*Required action:*
Leave the pictures out and print, word for word, the lines below from the one with "main class: Shrubland" through the final line.
[Given data Boundary: Start]
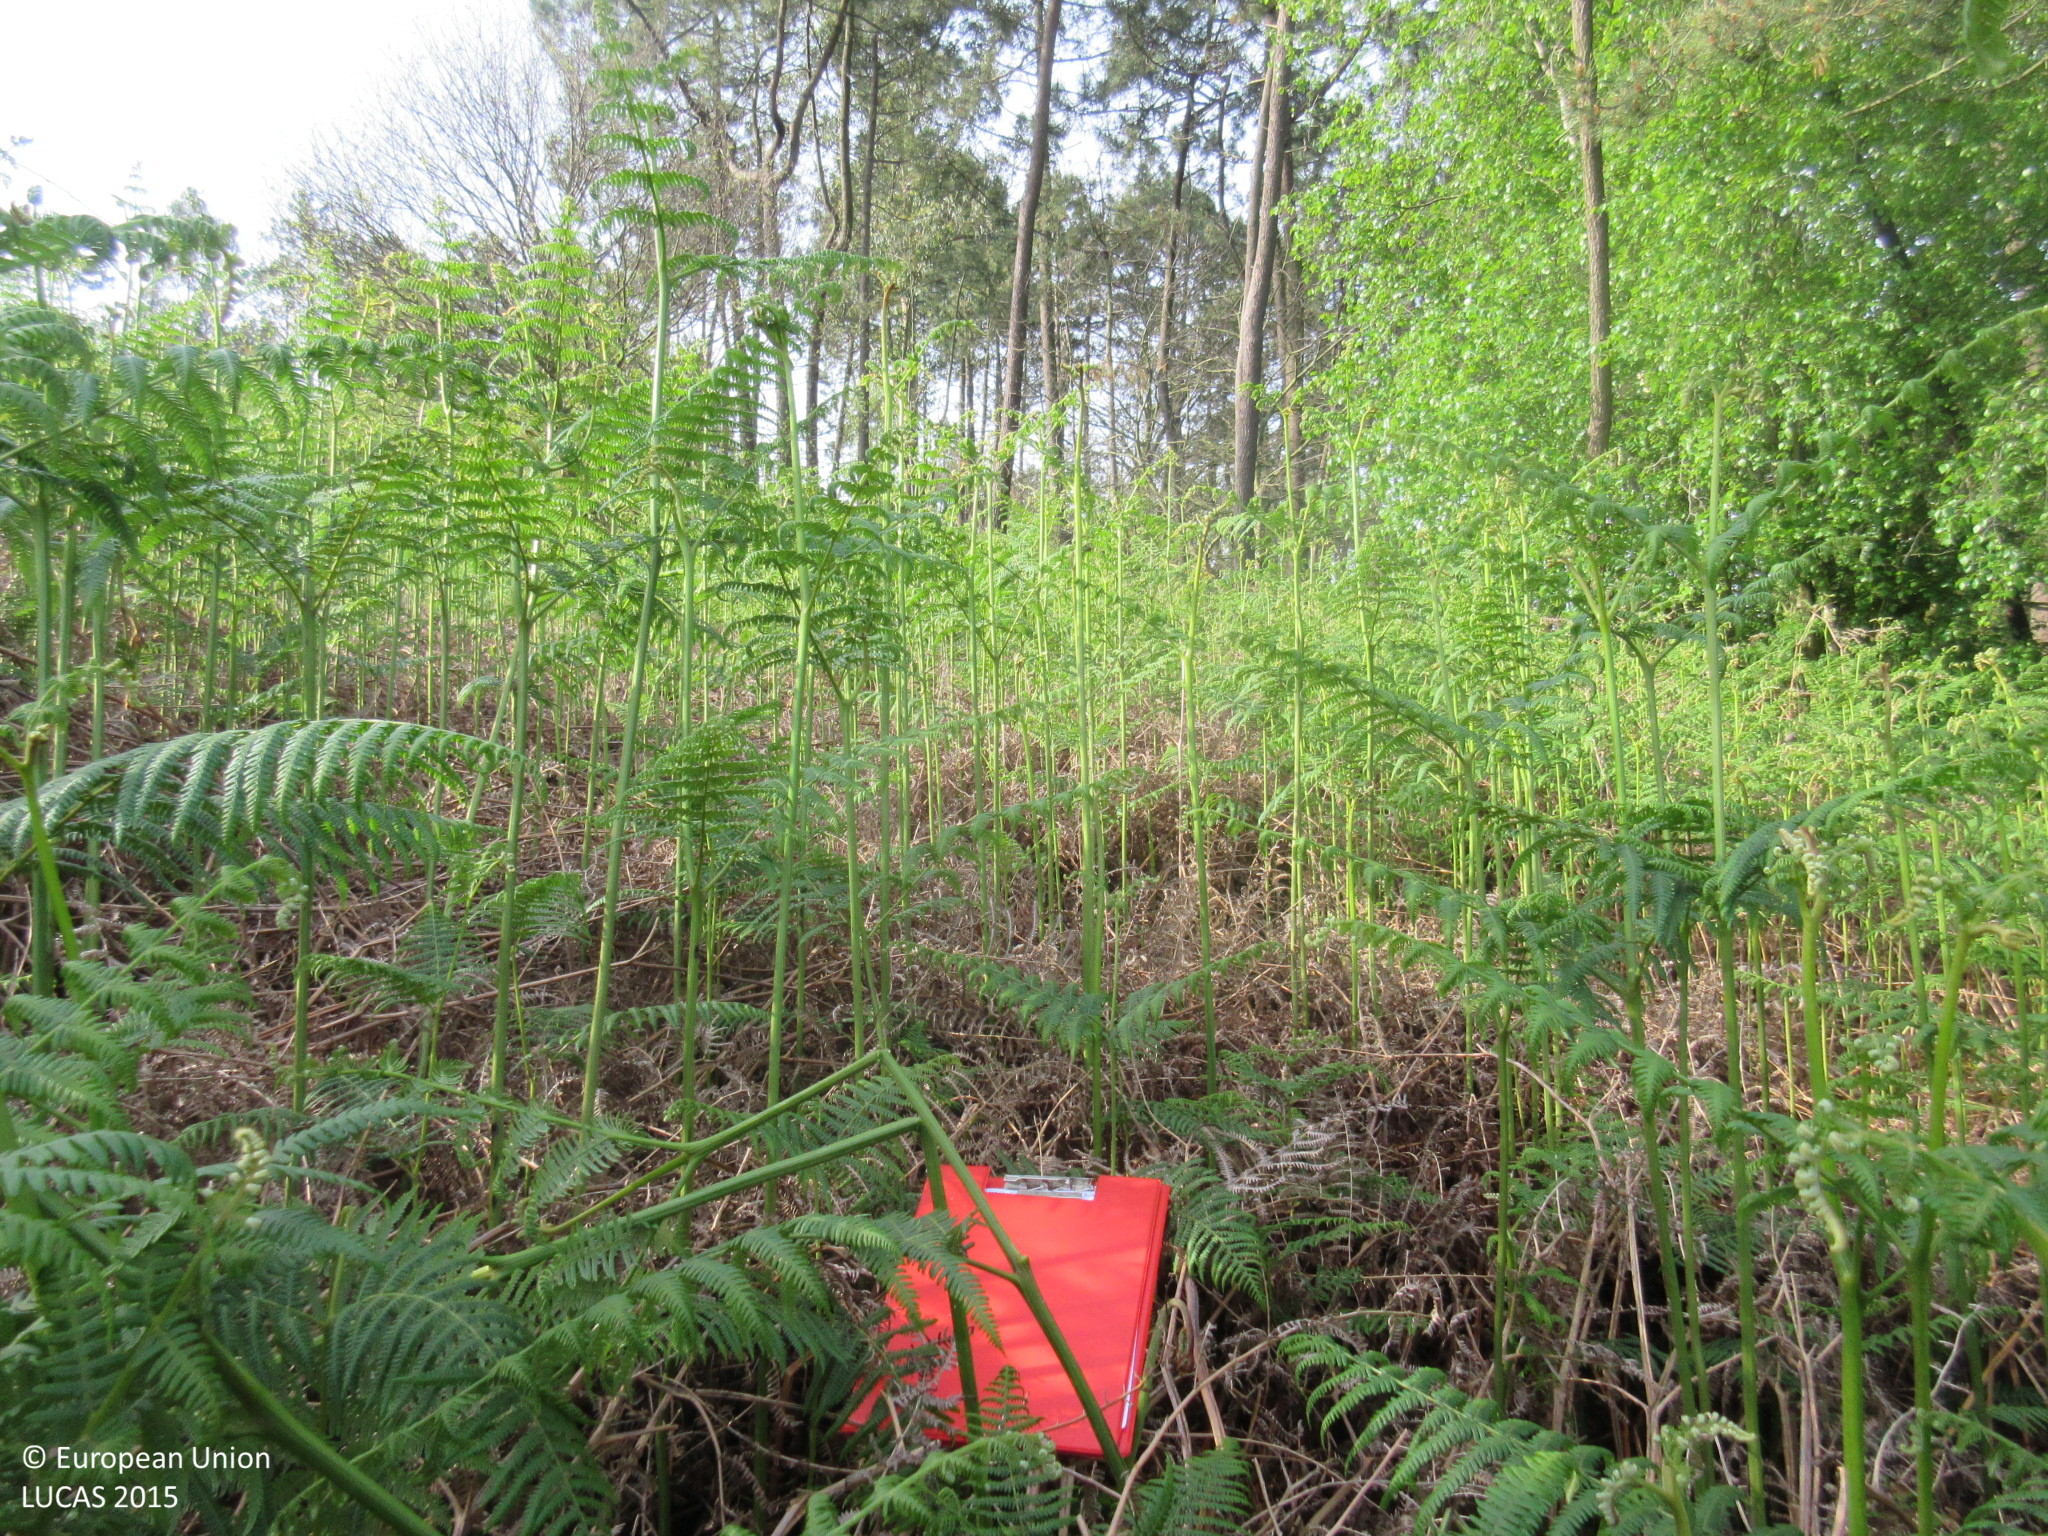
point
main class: Shrubland
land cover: Shrubland without tree cover
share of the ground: > 75 %
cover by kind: shrubs 100 %
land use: Semi-natural and natural areas not in use
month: April
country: ES
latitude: 43.5189
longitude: -6.6998
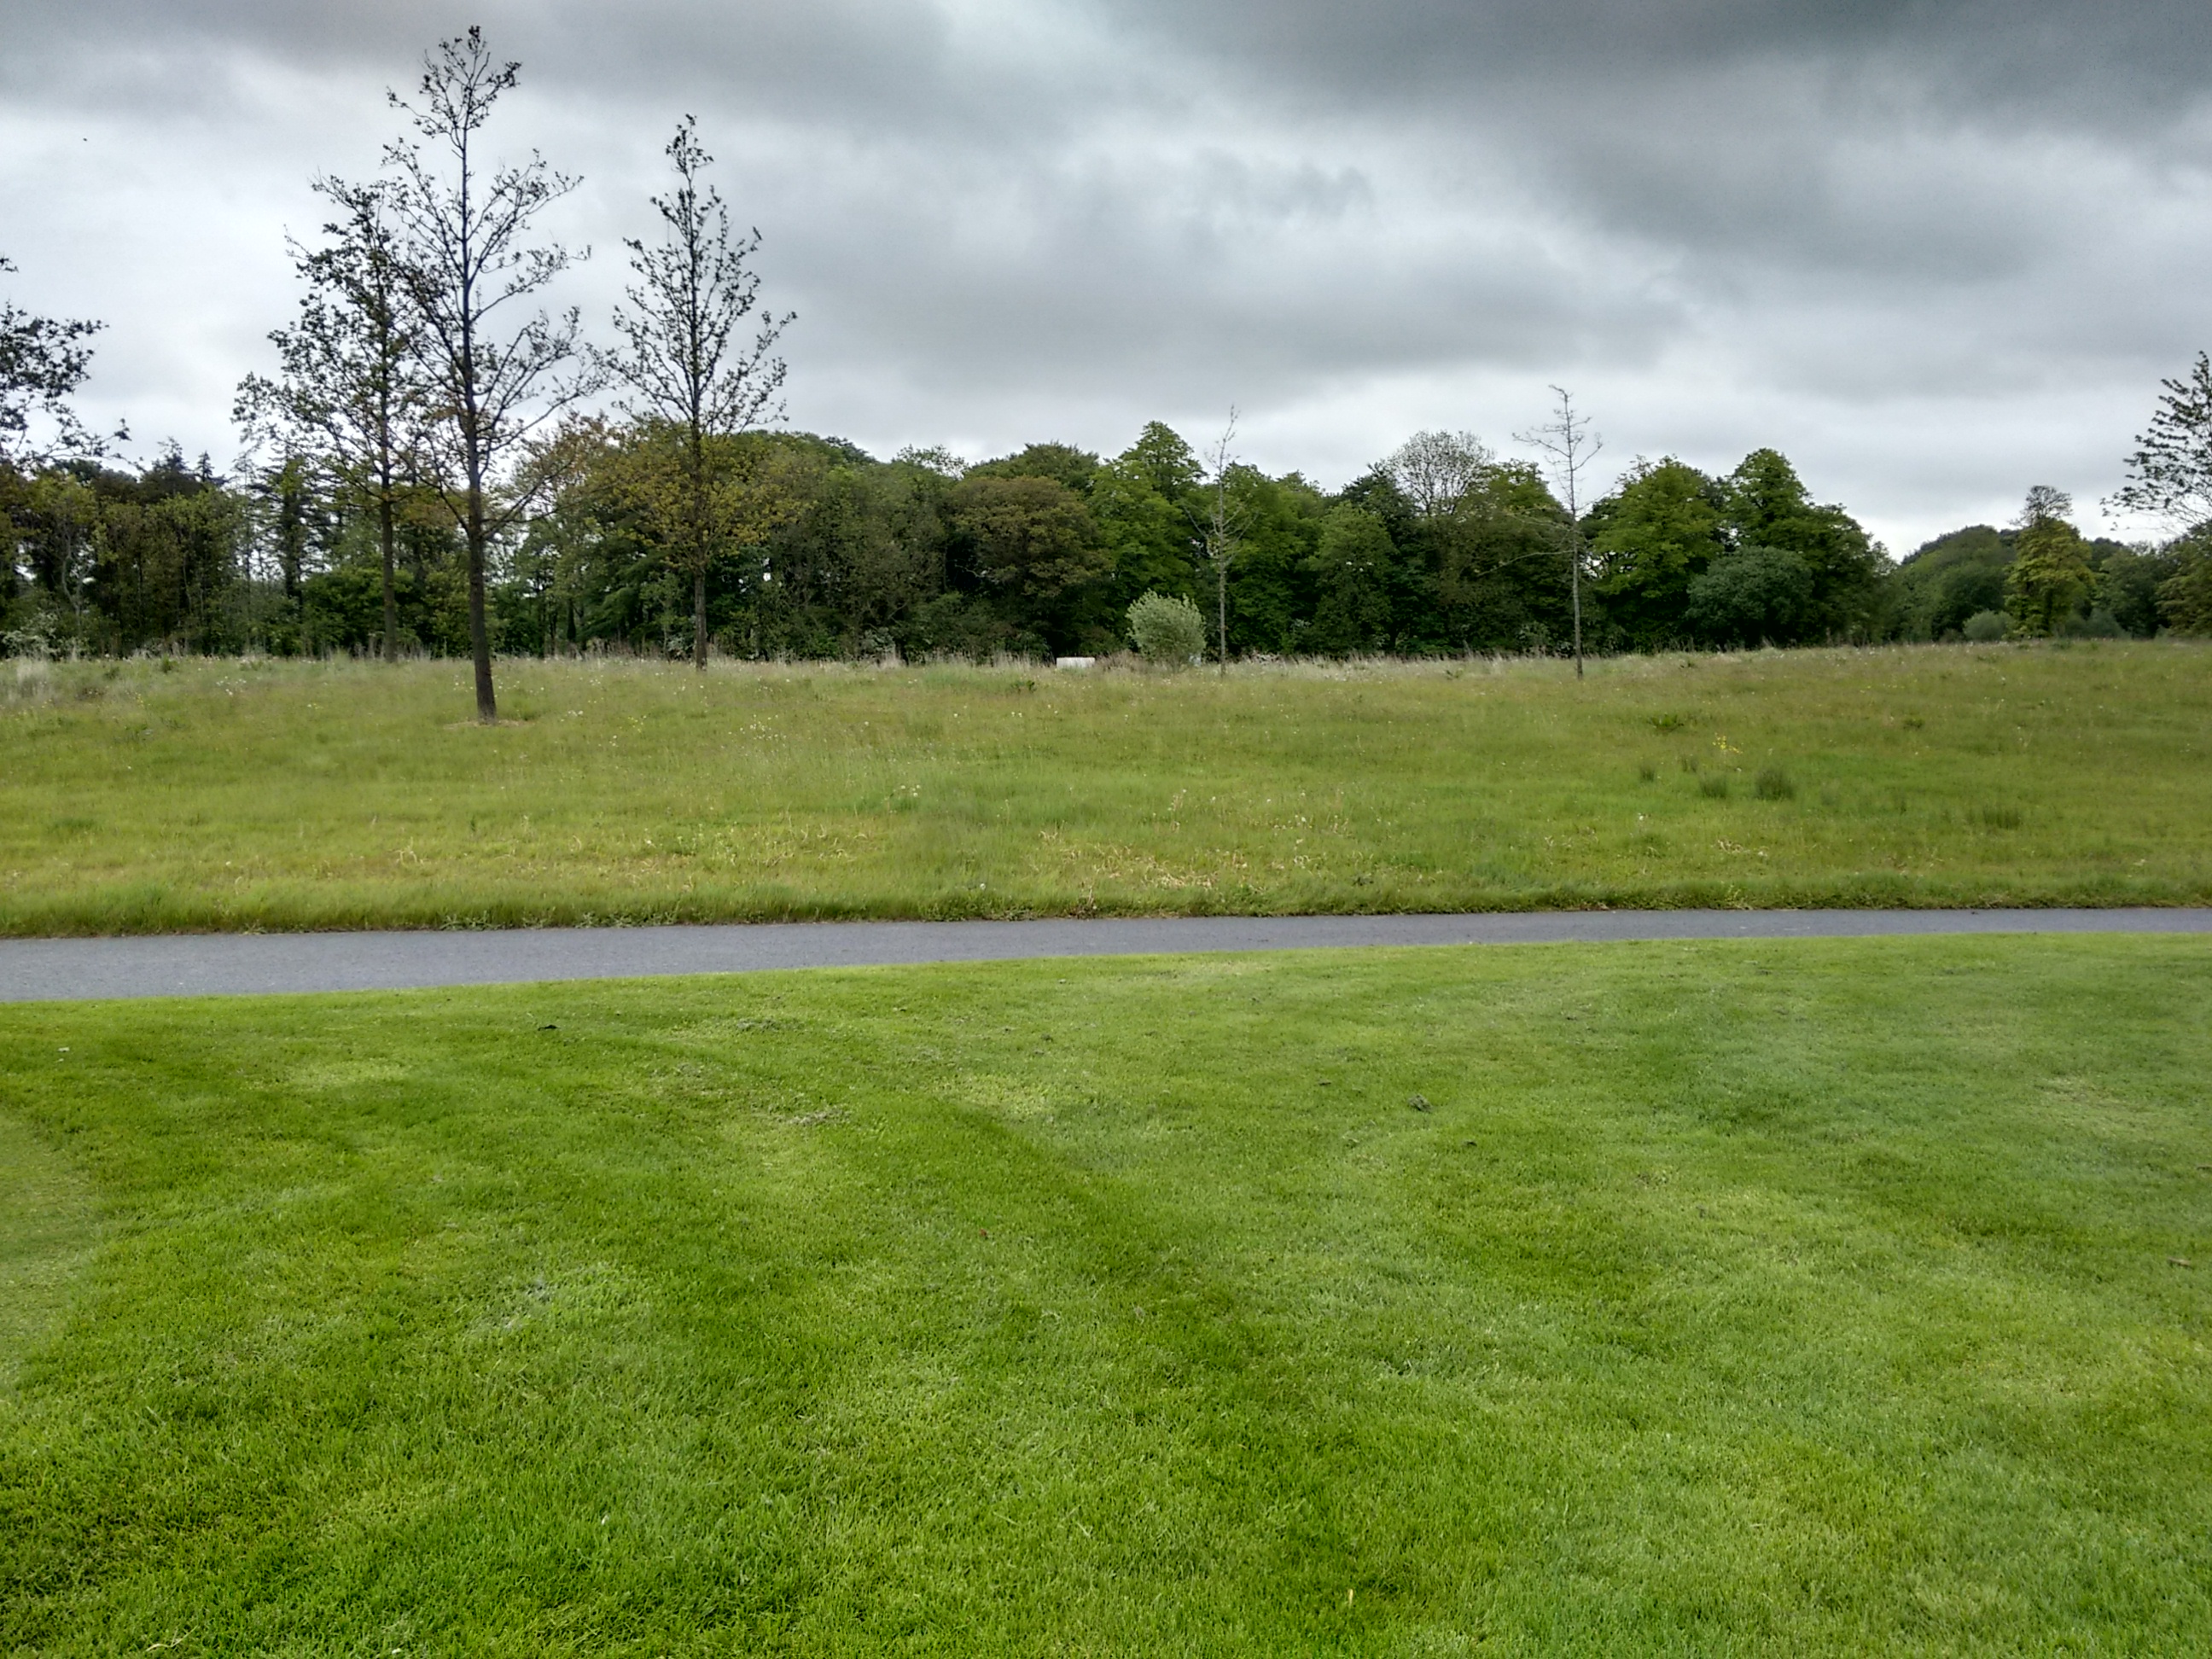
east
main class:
[Given data Boundary: End]
*Answer to this task:*
main class: Shrubland
land cover: Shrubland without tree cover
share of the ground: > 75 %
cover by kind: shrubs 100 %
land use: Semi-natural and natural areas not in use
month: April
country: ES
latitude: 43.5189
longitude: -6.6998
east
main class:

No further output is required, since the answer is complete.